Just as negative numbers simplify the solution of algebraic equations by eliminating the need to flip signs in separately considered cases when a quantity might be negative, a concept of signed area analogously simplifies geometric computations and proofs. Instead of subtracting one area from another, two signed areas of opposite orientation can be added together, and the resulting area can be meaningfully interpreted regardless of its sign. For example, propositions II.12–13 of the Elements contain a geometric precursor of the law of cosines which is split into separate cases depending on whether the angle of a triangle under consideration is obtuse or acute, because a particular rectangle should either be added or subtracted, respectively (the cosine of the angle is either negative or positive). If the rectangle is allowed to have signed area, both cases can be collapsed into one, with a single proof (additionally covering the right-angled case where the rectangle vanishes).
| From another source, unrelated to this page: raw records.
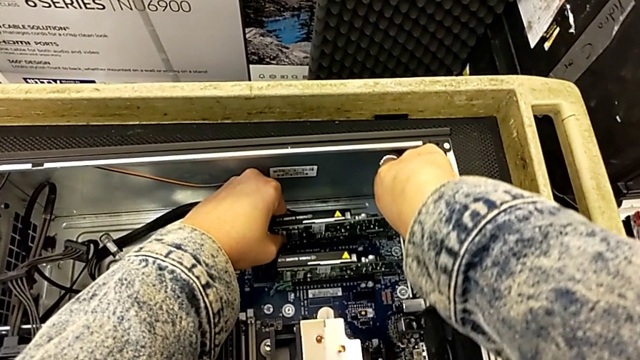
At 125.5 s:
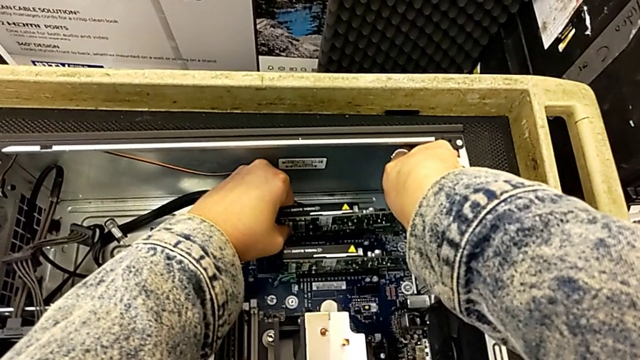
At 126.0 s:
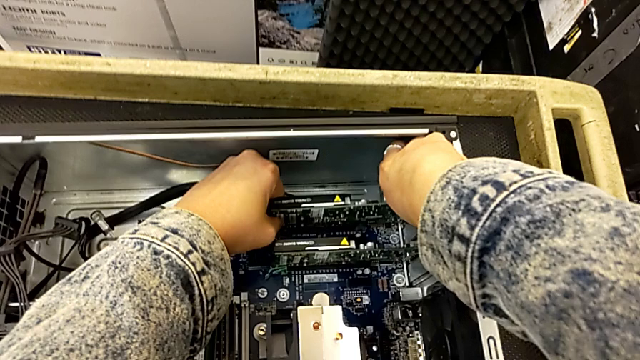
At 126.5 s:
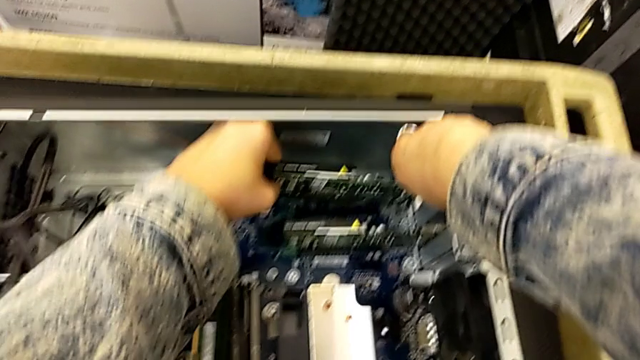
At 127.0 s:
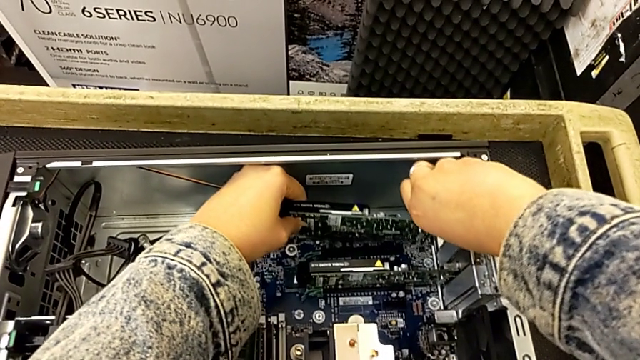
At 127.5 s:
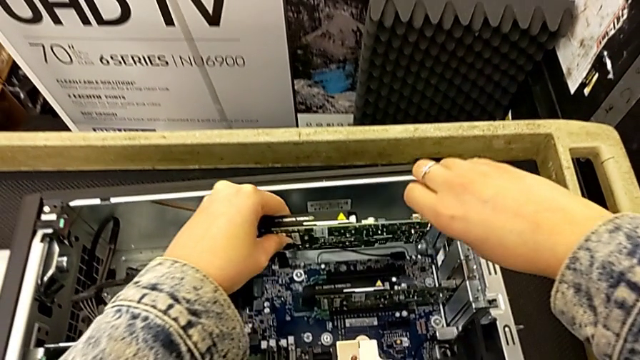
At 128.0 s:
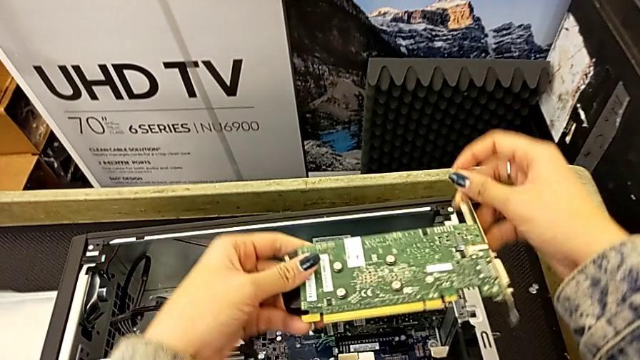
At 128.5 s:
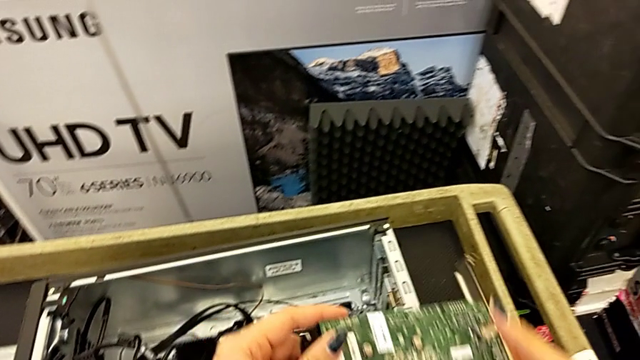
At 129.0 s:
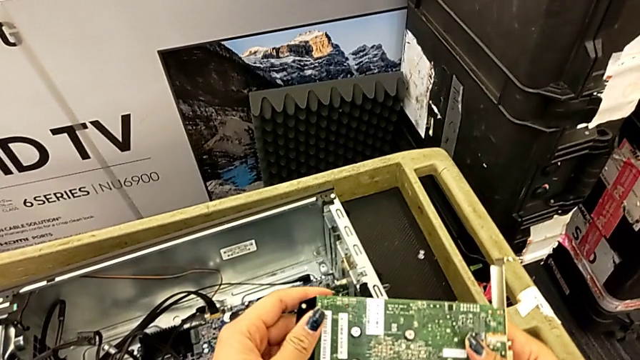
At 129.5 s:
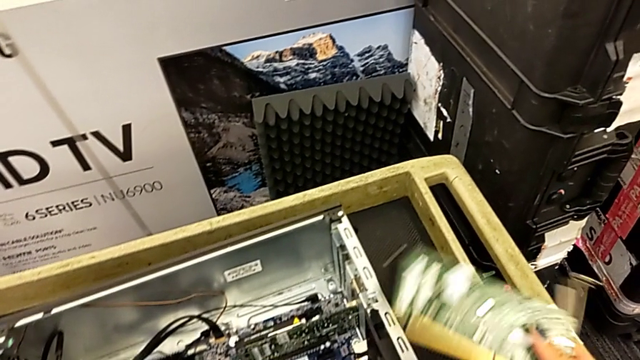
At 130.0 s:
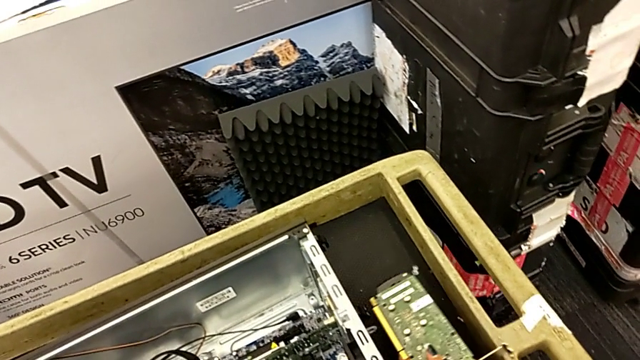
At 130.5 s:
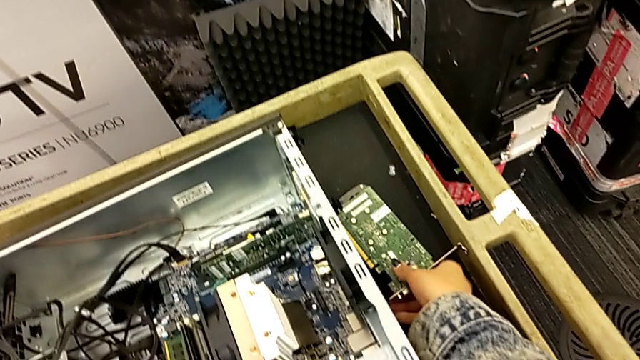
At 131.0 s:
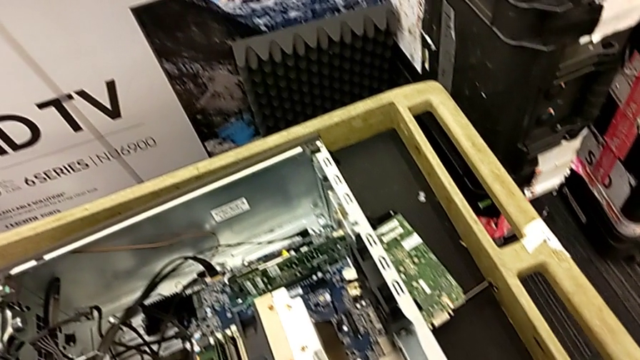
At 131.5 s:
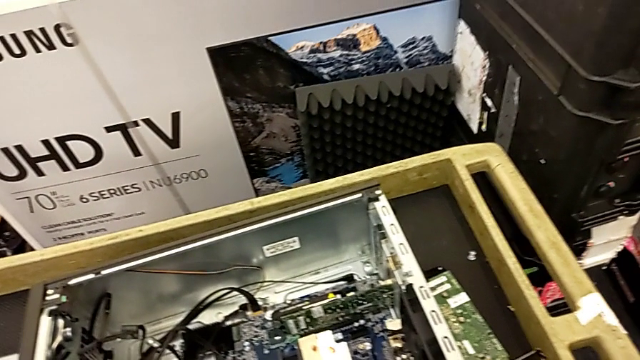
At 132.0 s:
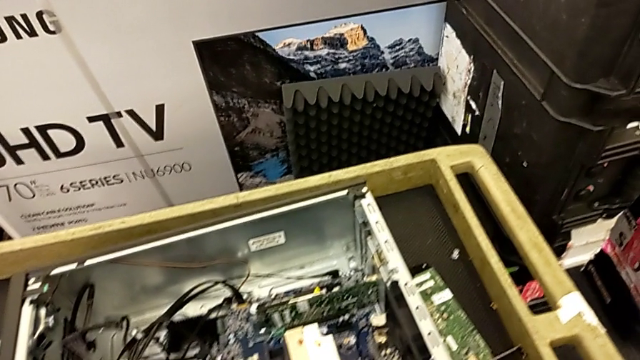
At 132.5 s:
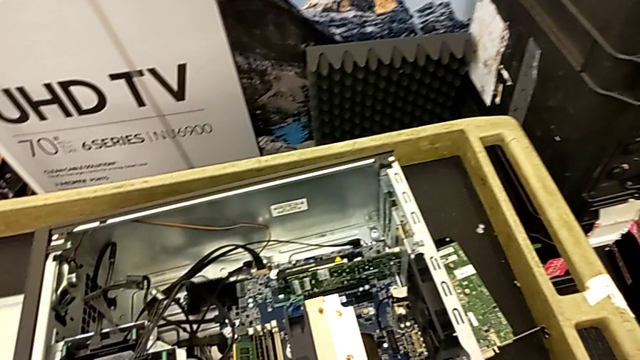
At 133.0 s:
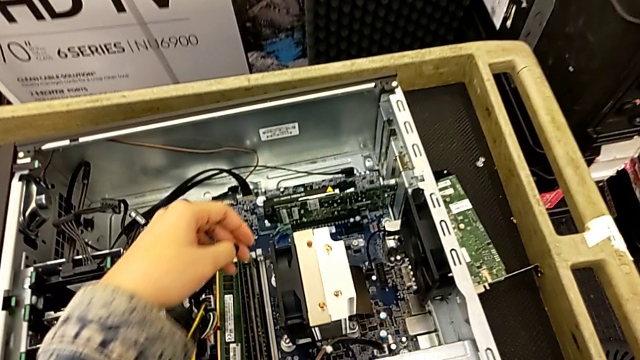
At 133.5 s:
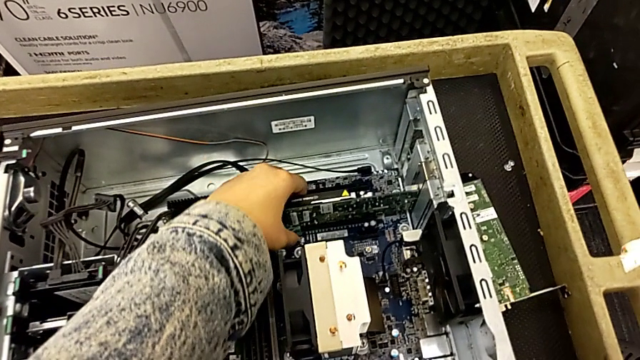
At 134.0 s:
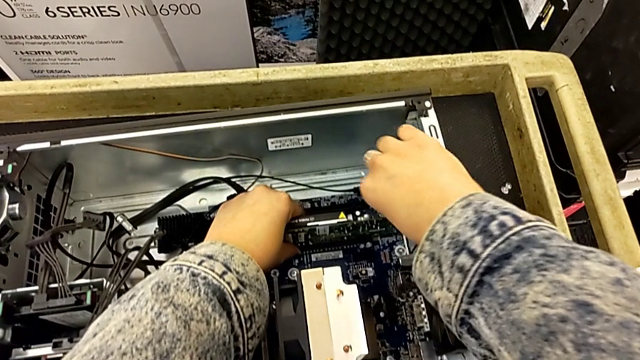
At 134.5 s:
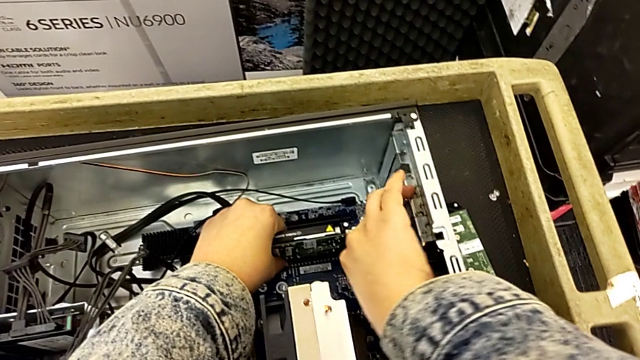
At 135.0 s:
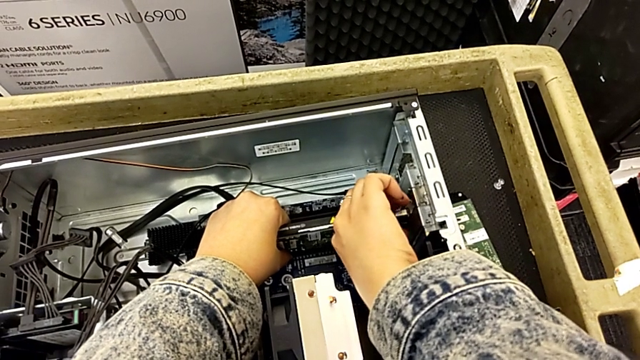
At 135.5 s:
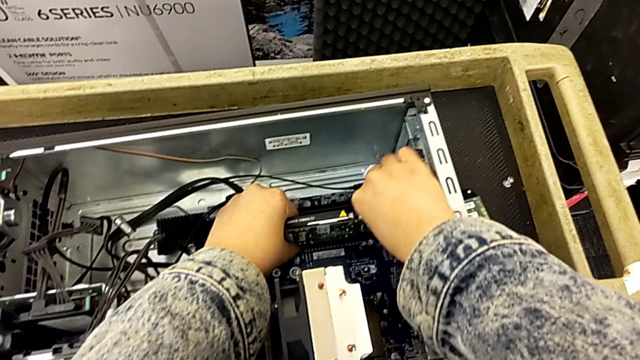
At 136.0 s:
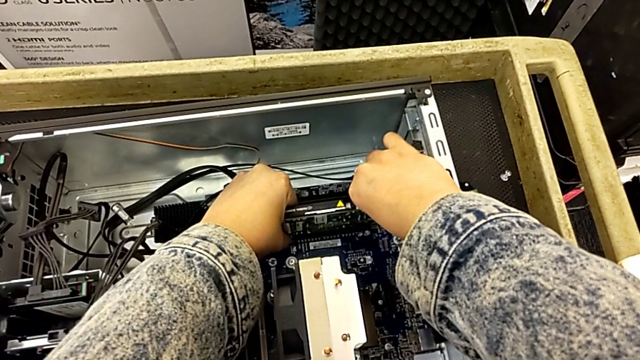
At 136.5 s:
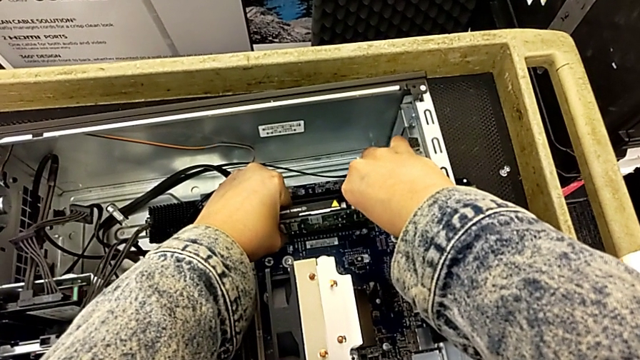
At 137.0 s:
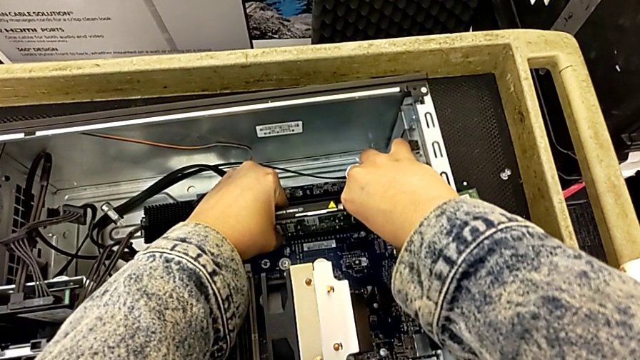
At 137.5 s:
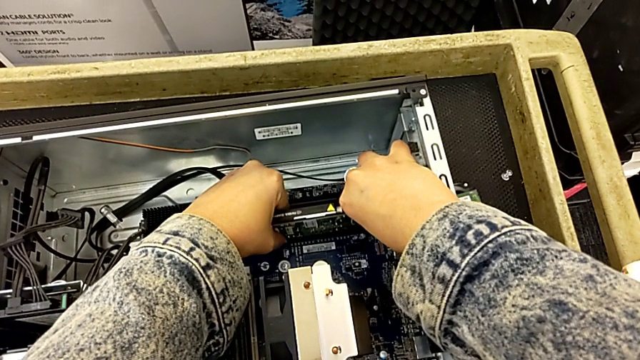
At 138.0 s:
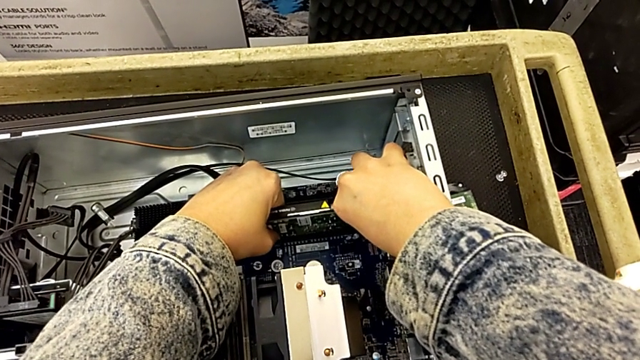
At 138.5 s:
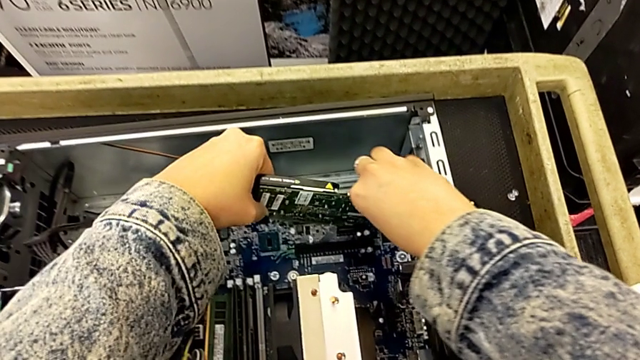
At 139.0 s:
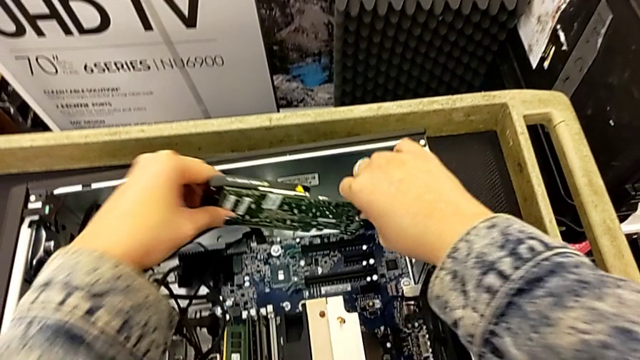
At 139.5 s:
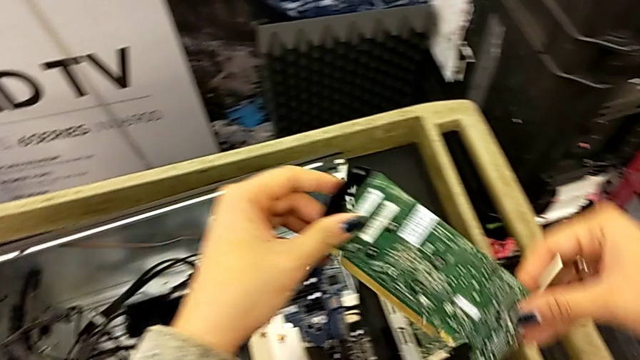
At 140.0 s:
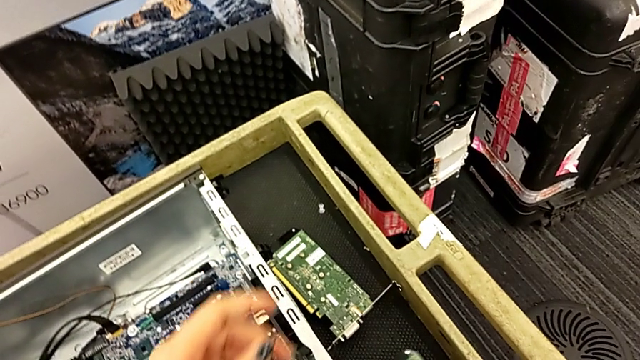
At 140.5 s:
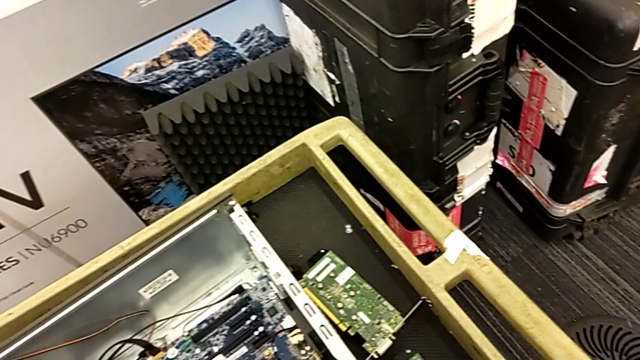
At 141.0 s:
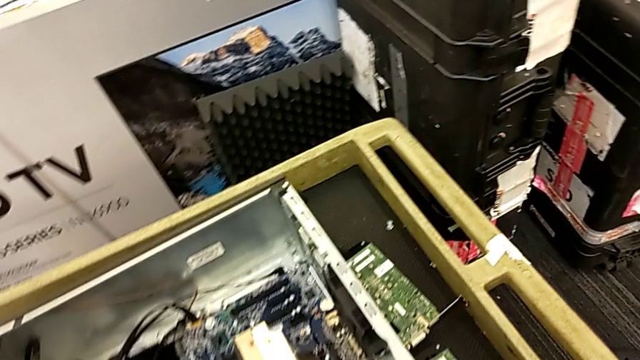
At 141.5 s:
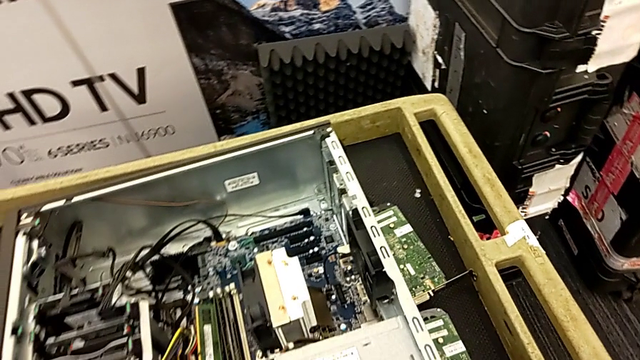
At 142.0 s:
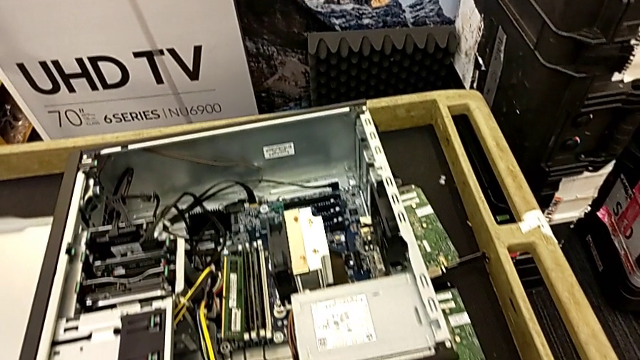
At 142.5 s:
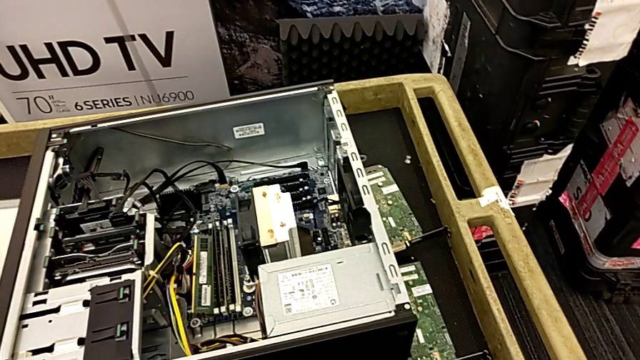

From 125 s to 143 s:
The camera wearer is removing the graphic cards. They withdraw the first graphic card and withdraw the second graphic card.

As with the unoriented area of simple polygons in the Elements, the oriented area of polygons in the affine plane (including those with holes or self-intersections) can be conveniently reduced to sums of oriented areas of triangles, each of which in turn is half of the oriented area of a parallelogram. The oriented area of any polygon can be written as a signed real number coefficient (the signed area of the shape) times the oriented area of a designated polygon declared to have unit area; in the case of the Euclidean plane, this is typically a unit square.
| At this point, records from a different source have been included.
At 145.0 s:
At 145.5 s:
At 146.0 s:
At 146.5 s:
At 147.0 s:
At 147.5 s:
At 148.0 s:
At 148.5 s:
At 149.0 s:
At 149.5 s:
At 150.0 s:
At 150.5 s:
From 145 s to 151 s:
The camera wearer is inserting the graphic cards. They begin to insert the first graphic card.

Among the computationally simplest ways to break an arbitrary polygon (described by an ordered list of vertices) into triangles is to pick an arbitrary origin point, and then form the oriented triangle between the origin and each pair of adjacent vertices in the triangle. When the plane is given a Cartesian coordinate system, this method is the 18th century shoelace formula.

=== Curved shapes ===

The ancient Greeks had no general method for computing areas of shapes with curved boundaries, and the quadrature of the circle using only finitely many steps was an unsolved problem (proved impossible in the 19th century). However, Archimedes exactly computed the quadrature of the parabola via the method of exhaustion, summing infinitely many triangular areas in a precursor of modern integral calculus, and he approximated the quadrature of the circle by taking the first few steps of a similar process.

==Integrals==

The blue area above the x-axis may be specified as positive area, while the yellow area below the x-axis is the negative area.

The integral of a real function can be imagined as the signed area between the $x$-axis and the curve $y = f(x)$ over an interval $[ a, b]$. The area above the $x$-axis may be specified as positive ($+$), and the area below the $x$-axis may be specified as negative ($-$).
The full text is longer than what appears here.